Because the standard approach to assessing cirrhosis in the clinical setting involves needle biopsies followed by formalin fixation, we first sought to assess the feasibility of performing genome-wide expression profiling on such small samples (typically 10 mm × 1 mm pieces of tissue). We previously showed that it is feasible to profile the expression of ~ 6,000 transcripts in large formalin-fixed, paraffin-embedded specimens obtained from surgical resection. Here, we tested ability of the assay to profile expression of all ~ 24,000 protein-coding genes in the human genome in fixed, needle biopsy specimens. Of 280 patients with hepatitis C-related, Child-Pugh class A cirrhosis, 236 patients with sufficient amount of formalin-fixed, paraffin-embedded tissue blocks were subjected to the gene-expression profiling. Among them, 216 (92%) yielded high quality genome-wide expression profiles (Supplementary Figure 1). Clinical demographics of the patients were not changed by the exclusion of poor quality profiles (Supplementary Table 1). While not perfect, this result was remarkable because of (1) the tiny size of the specimens, (2) the age of the archived specimens (up to 23 years old), and (3) the fact that the samples were not collected with gene-expression profiling as a primary goal.
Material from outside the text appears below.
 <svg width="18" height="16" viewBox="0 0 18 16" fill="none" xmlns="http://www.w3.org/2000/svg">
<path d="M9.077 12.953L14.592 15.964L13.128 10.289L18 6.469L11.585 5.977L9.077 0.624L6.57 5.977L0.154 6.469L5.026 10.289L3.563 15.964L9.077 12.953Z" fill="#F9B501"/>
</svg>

Table 1 summarizes clinical characteristics and events of the 216 patients analyzed. After a median follow-up of 10 years (IQR: 7–11 years), 66 patients (31%) died: 28 patients died of hepatocellular carcinoma, 20 patients died of liver failure, 5 patients died of cardiovascular causes, 10 patients died of other non-liver-related causes, and the remaining 3 patients who were lost from follow-up and died of unknown causes. Seventy-one patients (34%) developed hepatic decompensation that required hospitalization during follow-up including gastrointestinal bleeding (n=22), ascites (n=62) and/or hepatic encephalopathy (n=10). Child-Pugh class progressed to B or C in 66 patients (31%). HCC developed in 65 patients (30%) with an annual incidence of 2.9%, which is consistent with prior studies4. Twelve patients received liver transplantation (see Supplementary Information for details of outcome assessment).
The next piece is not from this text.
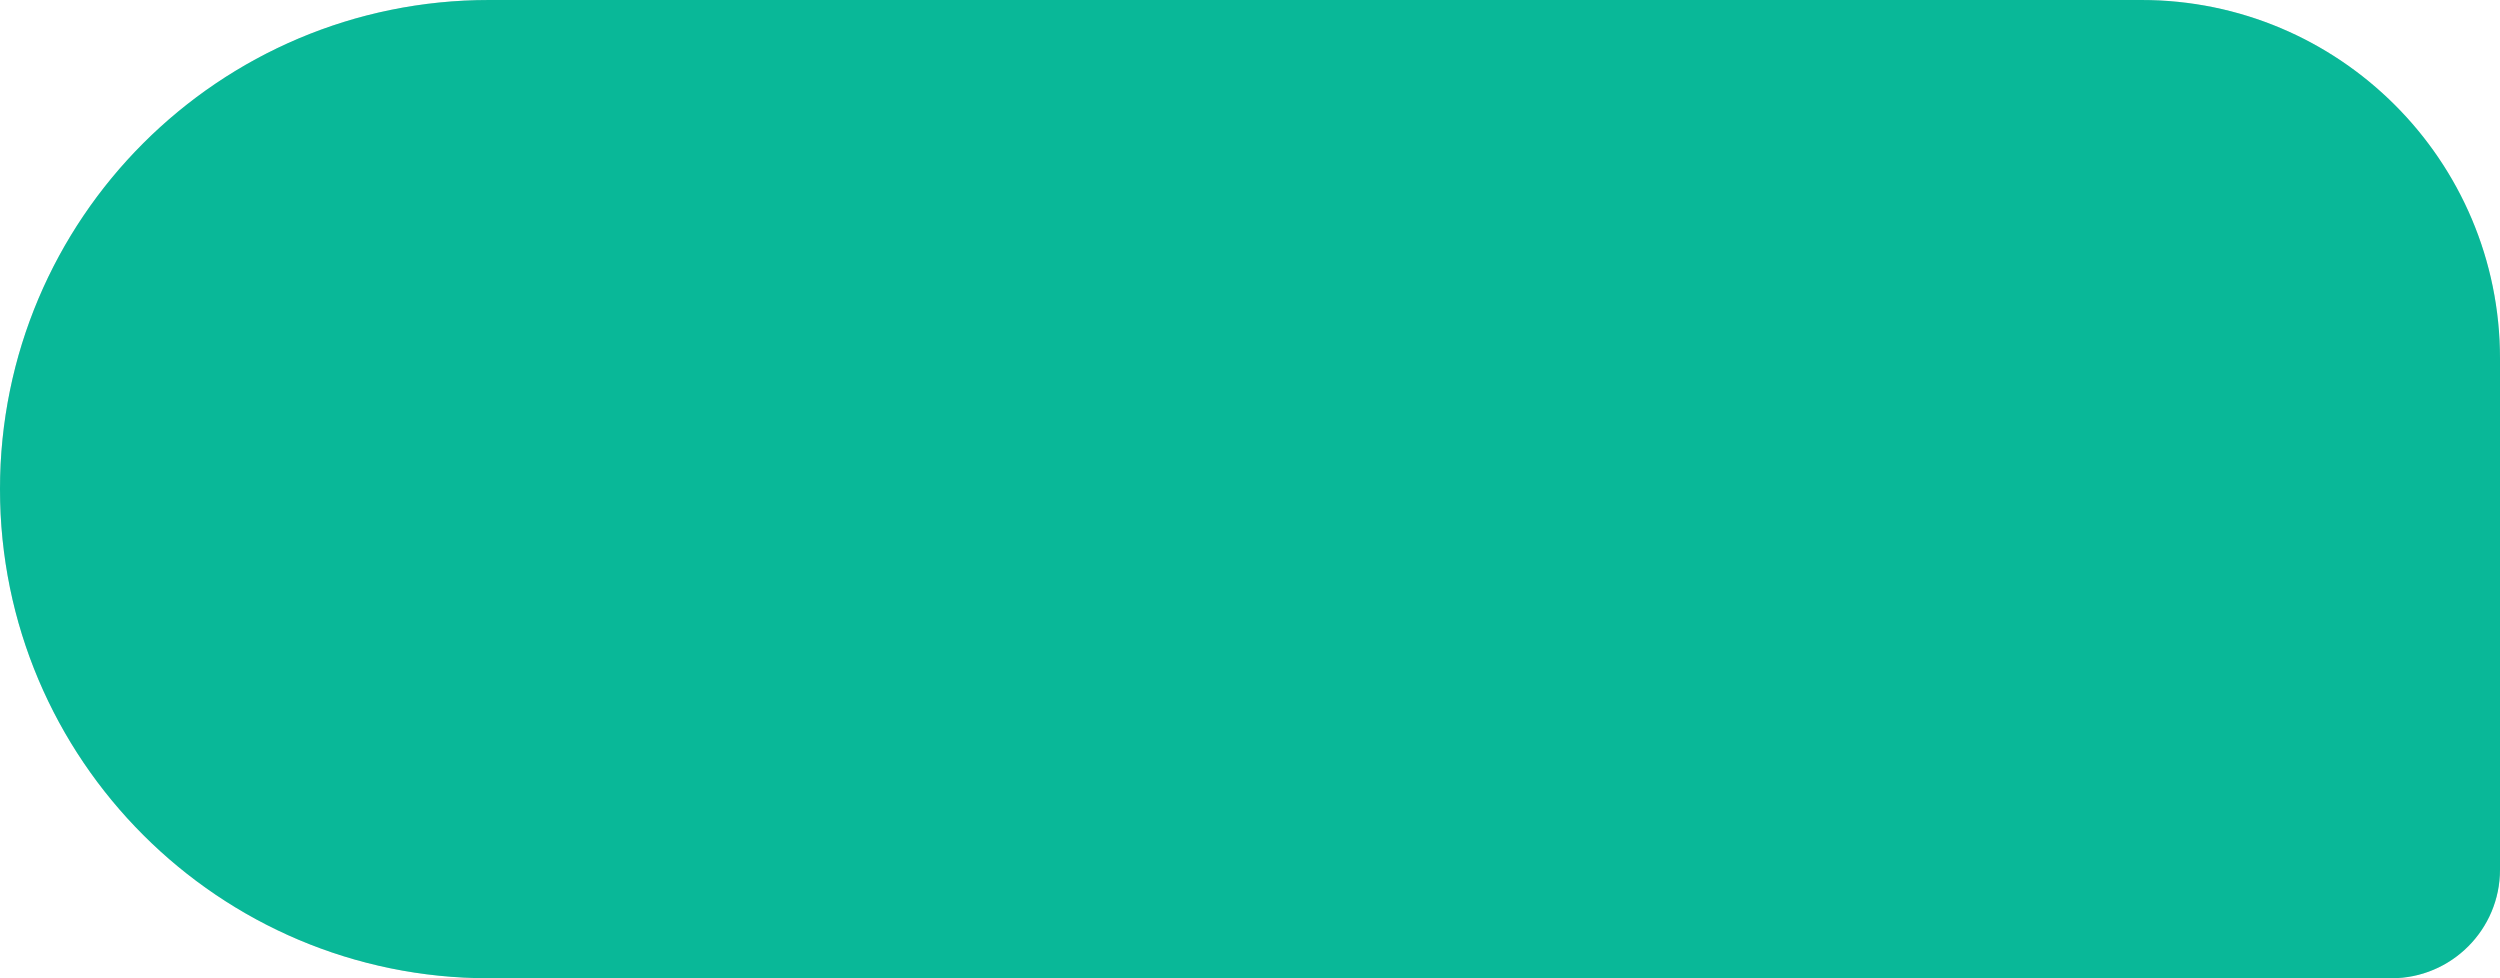 <?xml version="1.0" encoding="UTF-8"?> <svg xmlns="http://www.w3.org/2000/svg" width="230" height="90" viewBox="0 0 230 90" fill="none"> <g filter="url(#filter0_b_1227_636)"> <path d="M230 33C230 14.775 215.225 0 197 0H45C20.147 0 0 20.147 0 45V45C0 69.853 20.147 90 45 90H220C225.523 90 230 85.523 230 80V33Z" fill="black" fill-opacity="0.16"></path> <path d="M230 33C230 14.775 215.225 0 197 0H45C20.147 0 0 20.147 0 45V45C0 69.853 20.147 90 45 90H220C225.523 90 230 85.523 230 80V33Z" fill="#09B898"></path> </g> <defs> <filter id="filter0_b_1227_636" x="-100" y="-100" width="430" height="290" filterUnits="userSpaceOnUse" color-interpolation-filters="sRGB"> <feFlood flood-opacity="0" result="BackgroundImageFix"></feFlood> <feGaussianBlur in="BackgroundImageFix" stdDeviation="50"></feGaussianBlur> <feComposite in2="SourceAlpha" operator="in" result="effect1_backgroundBlur_1227_636"></feComposite> <feBlend mode="normal" in="SourceGraphic" in2="effect1_backgroundBlur_1227_636" result="shape"></feBlend> </filter> </defs> </svg>

There was no obvious difference in clinical characteristics or outcomes of the patients in this cohort compared to other published cohorts of hepatitis C-related, Child-Pugh class A or compensated cirrhosis (Supplementary Table 2). The prevalence of gastro-esophageal varices, annual incidence rates of death, hepatic decompensation, and HCC development, proportion of the patients who had the clinical events (i.e., death, hepatic decompensation, and HCC development), and proportion of liver-related deaths were indistinguishable from prior reports. Specifically, well-established clinical prognostic variables (including age, presence of varices, platelet count, and serum albumin and bilirubin) were similarly prognostic in our dataset (Supplementary Table 3), further indicating that our study cohort is representative of the clinical course of patients with hepatitis C-related, early-stage cirrhosis.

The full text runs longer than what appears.